Member of the National Assembly of South Africa
- In office 22 October 2020 – 30 August 2023

Personal details
- Born: Piaba Madokwe
- Party: Economic Freedom Fighters
- Profession: Activist

= Piaba Madokwe =

South African politician

Piaba Madokwe is a South African politician who served as Member of the National Assembly for the Economic Freedom Fighters from October 2020 until August 2023. Madokwe previously served as the Inaugural Secretary-General of the EFF Students Command.

==Career==
In June 2015, Madokwe was elected secretary-general of the student command of the Economic Freedom Fighters.

In March 2019, Madokwe was announced as a parliamentary candidate of the EFF for the 2019 general election. She was not elected to parliament at the election in May 2019. In July 2019, Muzi Khozi succeeded her as secretary-general. She was elected to the EFF's central command team, the party's highest-decision making body, in December 2019.

On 22 October 2020, Madokwe entered the National Assembly as a replacement for Peter Keetse.

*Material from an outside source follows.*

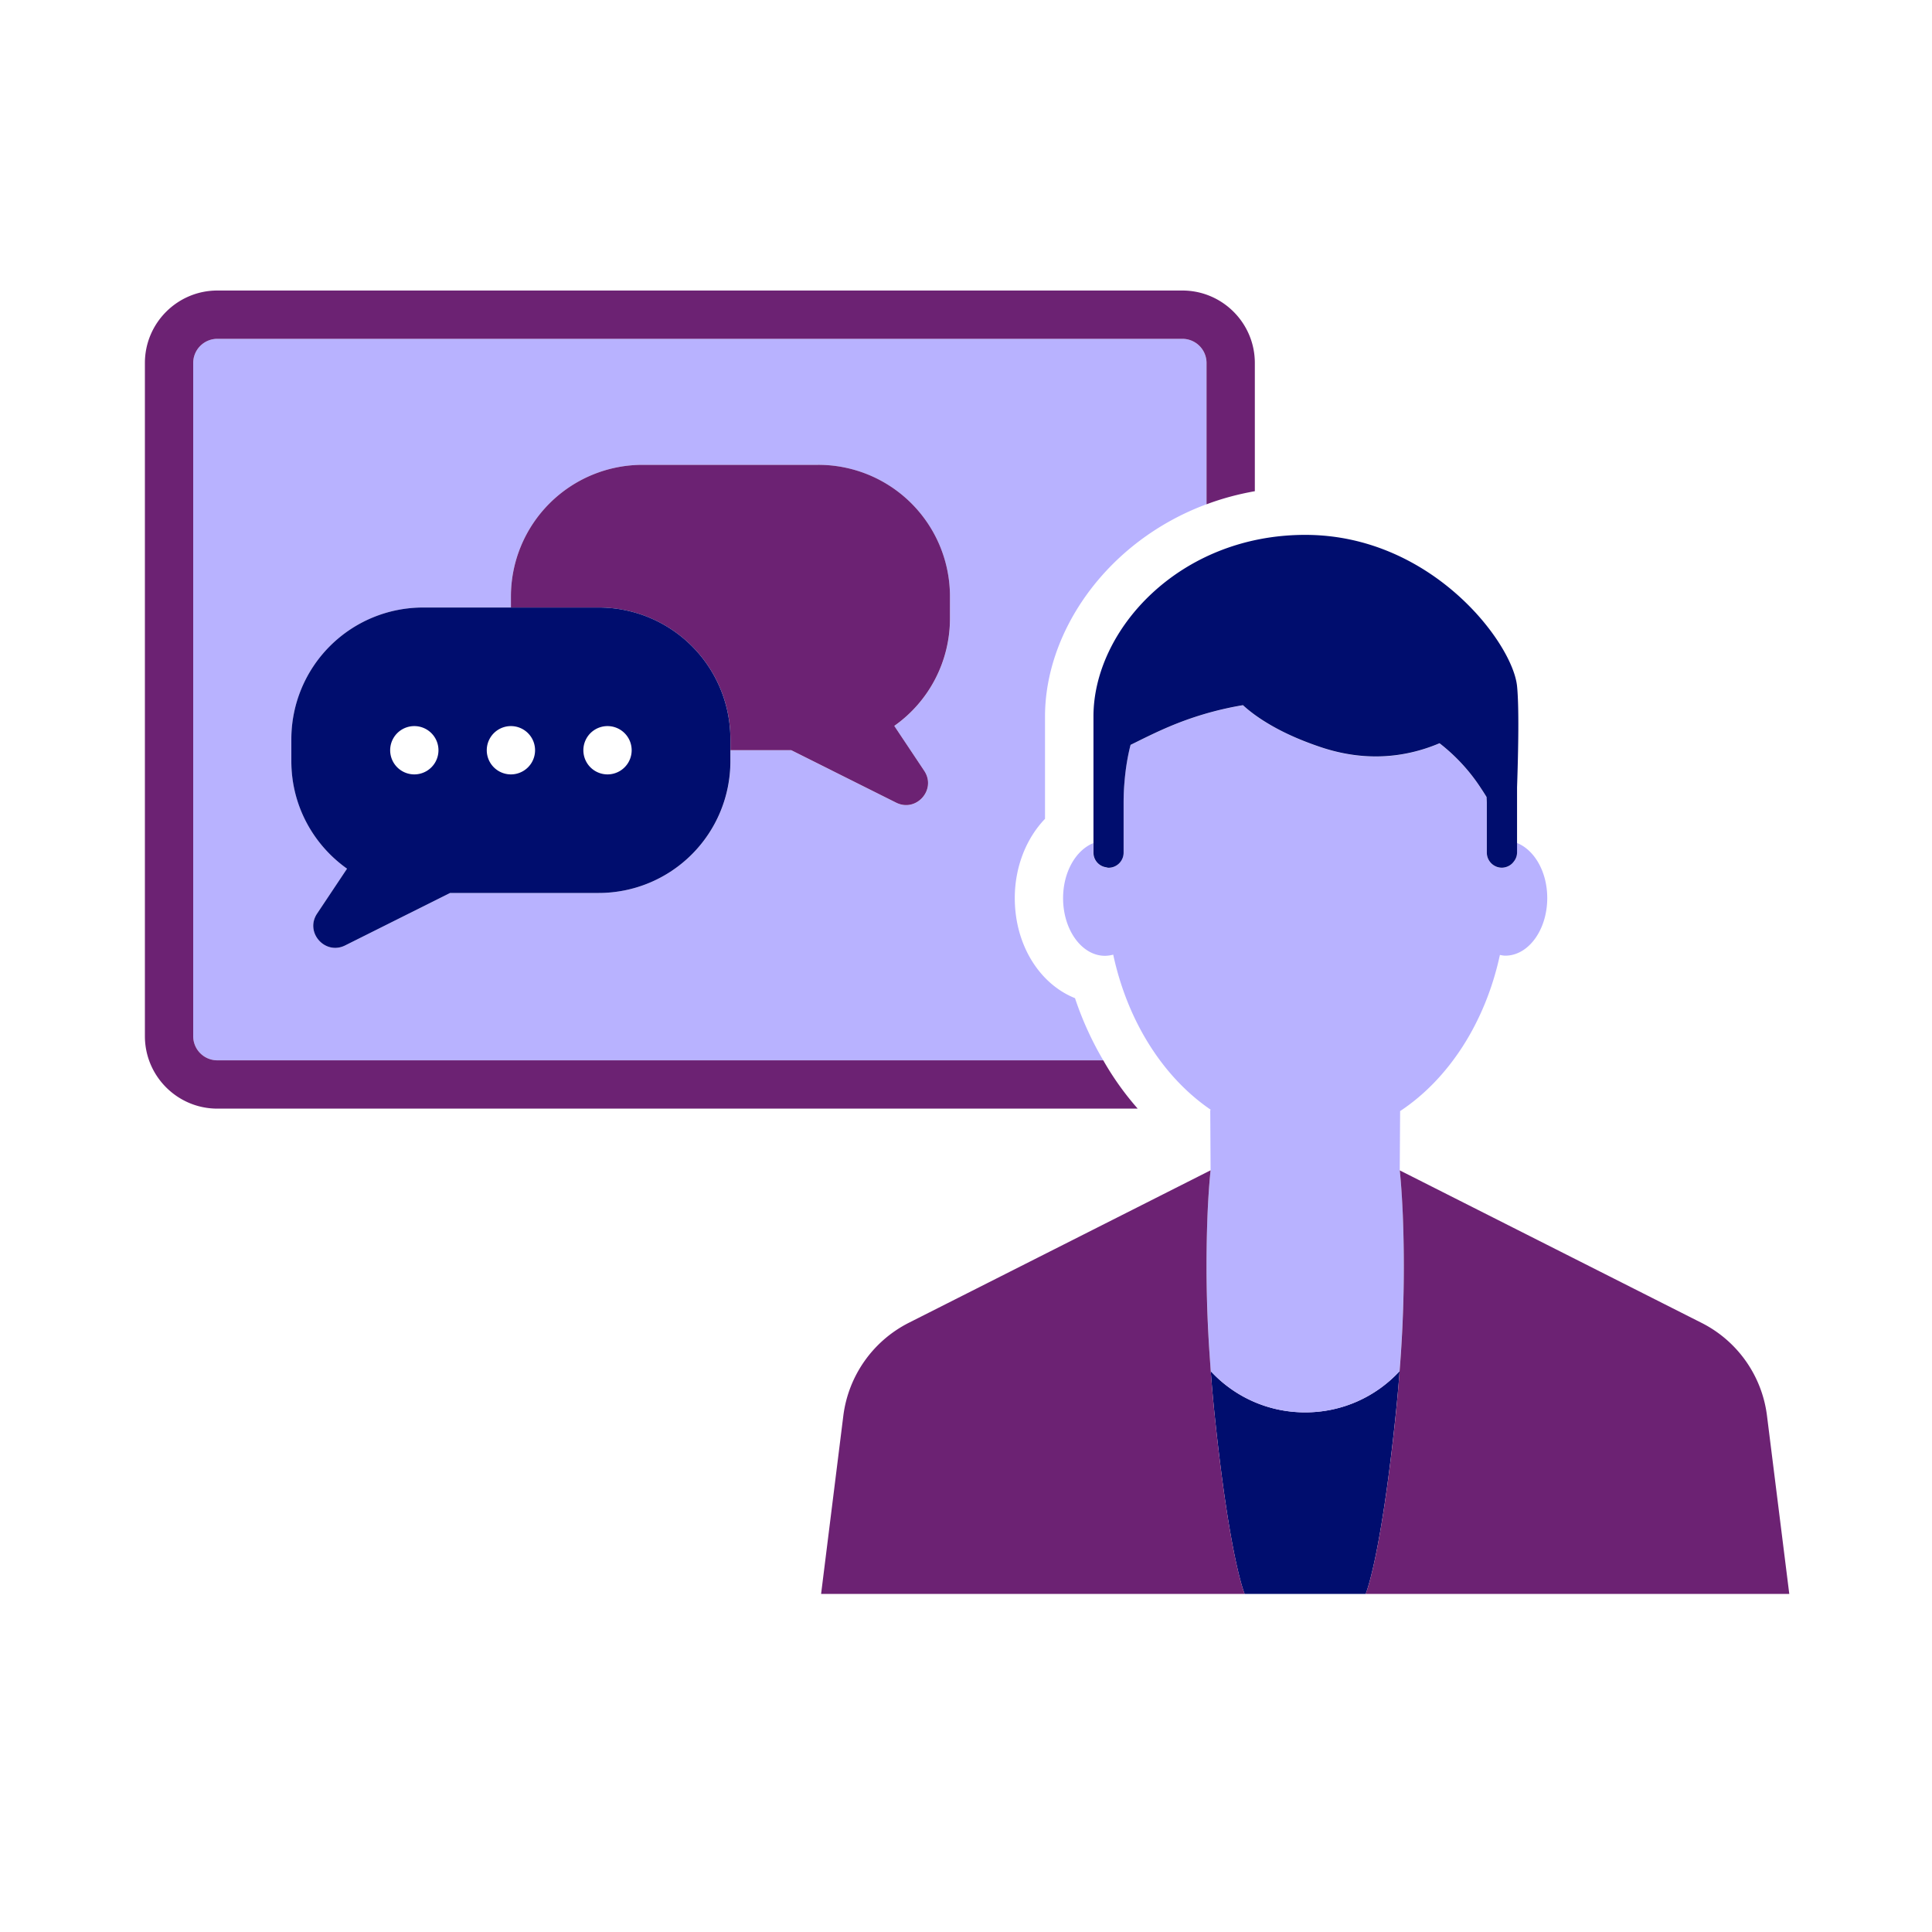 <svg version="1.1" xmlns="http://www.w3.org/2000/svg" x="0px" y="0px" viewBox="0 0 40 40" xml:space="preserve" focusable="false" aria-hidden="true" enable-background="new 0 0 40 40"><path fill="none" d="M0 0h40v40H0z"/><g><circle cx="10.578" cy="15.533" r="0.5" fill="none"/><circle cx="12.578" cy="15.533" r="0.5" fill="none"/><circle cx="8.578" cy="15.533" r="0.5" fill="none"/><path d="M24.48 7.015H4.5a.5.5 0 0 0-.5.5v13.938a.5.5 0 0 0 .5.5h18.342a6.7 6.7 0 0 1-.585-1.287c-.733-.294-1.247-1.1-1.247-2.073 0-.642.236-1.234.626-1.64v-2.119c0-1.768 1.285-3.628 3.343-4.394V7.515a.5.5 0 0 0-.499-.5m-4.811 5.791c0 .919-.456 1.731-1.153 2.225l.62.93c.259.388-.165.867-.581.659l-2.172-1.086h-1.259v.227a2.727 2.727 0 0 1-2.727 2.727H9.319l-2.172 1.086c-.417.208-.84-.271-.581-.659l.62-.93a2.72 2.72 0 0 1-1.153-2.225v-.455a2.727 2.727 0 0 1 2.727-2.727h1.818v-.227a2.727 2.727 0 0 1 2.727-2.727h3.636a2.727 2.727 0 0 1 2.727 2.727z" fill="#B8B2FF"/><path d="M4.5 21.953a.5.5 0 0 1-.5-.5V7.515a.5.5 0 0 1 .5-.5h19.98a.5.5 0 0 1 .5.5v2.926q.474-.178 1-.271V7.515c0-.827-.673-1.5-1.5-1.5H4.5c-.827 0-1.5.673-1.5 1.5v13.938c0 .827.673 1.5 1.5 1.5h19.055a6 6 0 0 1-.713-1z" fill="#6C2273"/><path d="M16.941 9.624h-3.636a2.727 2.727 0 0 0-2.727 2.727v.227h1.818a2.727 2.727 0 0 1 2.727 2.727v.227h1.259l2.172 1.086c.417.208.84-.271.581-.659l-.62-.93a2.72 2.72 0 0 0 1.153-2.225v-.455a2.725 2.725 0 0 0-2.727-2.725" fill="#6C2273"/><path d="M12.396 12.578H8.759a2.727 2.727 0 0 0-2.727 2.727v.455c0 .919.456 1.731 1.153 2.225l-.62.93c-.259.388.165.867.581.659l2.172-1.086h3.077a2.727 2.727 0 0 0 2.727-2.727v-.454a2.726 2.726 0 0 0-2.726-2.729m-3.818 3.455a.5.5 0 1 1 0-1 .5.5 0 0 1 0 1m2 0a.5.5 0 1 1 0-1 .5.5 0 0 1 0 1m2 0a.5.5 0 1 1 0-1 .5.5 0 0 1 0 1M28.968 28.511l.009-.123c-.48.519-1.173.853-1.955.853s-1.475-.334-1.955-.853l.008.1q.028.366.068.757c.313 3.032.626 3.755.626 3.755h2.506s.313-.723.626-3.755q.039-.378.067-.734" fill="#000D6E"/><path d="m25.037 27.954.03.435c.48.519 1.173.853 1.955.853s1.475-.334 1.955-.853l.03-.435a27 27 0 0 0 .037-2.792 14 14 0 0 0-.064-.931l.008-1.227c1.005-.665 1.763-1.831 2.066-3.233.037.007.073.015.112.015.479 0 .868-.534.868-1.193 0-.543-.265-.996-.626-1.14v.202a.3.3 0 0 1-.067.185q-.02.028-.046.051a.3.3 0 0 1-.096.056.3.3 0 0 1-.104.021.313.313 0 0 1-.313-.313v-1.022c0-.045-.004-.084-.005-.128q-.053-.087-.111-.174a3.8 3.8 0 0 0-.863-.94c-.639.272-1.477.413-2.468.078a5.8 5.8 0 0 1-.997-.436 3.3 3.3 0 0 1-.605-.43c-.598.1-1.093.262-1.493.43-.339.142-.614.285-.834.392a4.6 4.6 0 0 0-.126.774q-.017.203-.018.435v1.022c0 .173-.14.313-.313.313-.018 0-.034-.007-.051-.01a.31.31 0 0 1-.262-.302v-.201c-.361.145-.626.598-.626 1.14 0 .659.389 1.193.868 1.193a.7.7 0 0 0 .17-.024c.298 1.386 1.038 2.545 2.025 3.215h-.016l.007 1.253s-.039.334-.064.931c-.026.643-.036 1.599.037 2.79" fill="#B8B2FF"/><path d="m25.075 28.488-.008-.1-.03-.435A27 27 0 0 1 25 25.161c.025-.596.064-.931.064-.931l-.091.046-6.155 3.11a2.51 2.51 0 0 0-1.358 1.927L17 33h8.769s-.313-.723-.626-3.755a30 30 0 0 1-.068-.757M36.584 29.314a2.5 2.5 0 0 0-1.358-1.927l-6.246-3.156s.039.334.064.931a27 27 0 0 1-.067 3.227l-.009.123q-.028.356-.066.734c-.314 3.031-.627 3.754-.627 3.754h8.77z" fill="#6C2273"/><path d="M22.899 17.956c.017.003.033.01.051.01.173 0 .313-.14.313-.313v-1.022q0-.233.018-.435c.025-.312.073-.567.126-.774.219-.107.495-.25.834-.392.401-.167.895-.33 1.493-.43.155.142.353.287.605.43.268.152.593.3.997.436.991.334 1.829.193 2.468-.078.369.287.651.612.863.94q.058.087.111.174c.001.044.005.083.005.128v1.022c0 .173.14.313.313.313a.318.318 0 0 0 .2-.077.3.3 0 0 0 .046-.051.3.3 0 0 0 .067-.185V16.3c.028-.81.042-1.677 0-2.094-.091-.9-1.776-3.132-4.385-3.132s-4.385 1.969-4.385 3.758v2.819a.306.306 0 0 0 .26.305" fill="#000D6E"/></g></svg>

Madokwe was one of four EFF MPs who were banned from attending the EFF's 10th anniversary celebrations at the FNB Stadium on 29 July 2023 for failing to provide buses to take party supporters to the event. On 27 August 2023, EFF leader Julius Malema announced that the party was recalling over 210 public representatives, including Madokwe, for their failure to procure transport for party supporters to attend the event. Madokwe resigned from Parliament on 30 August.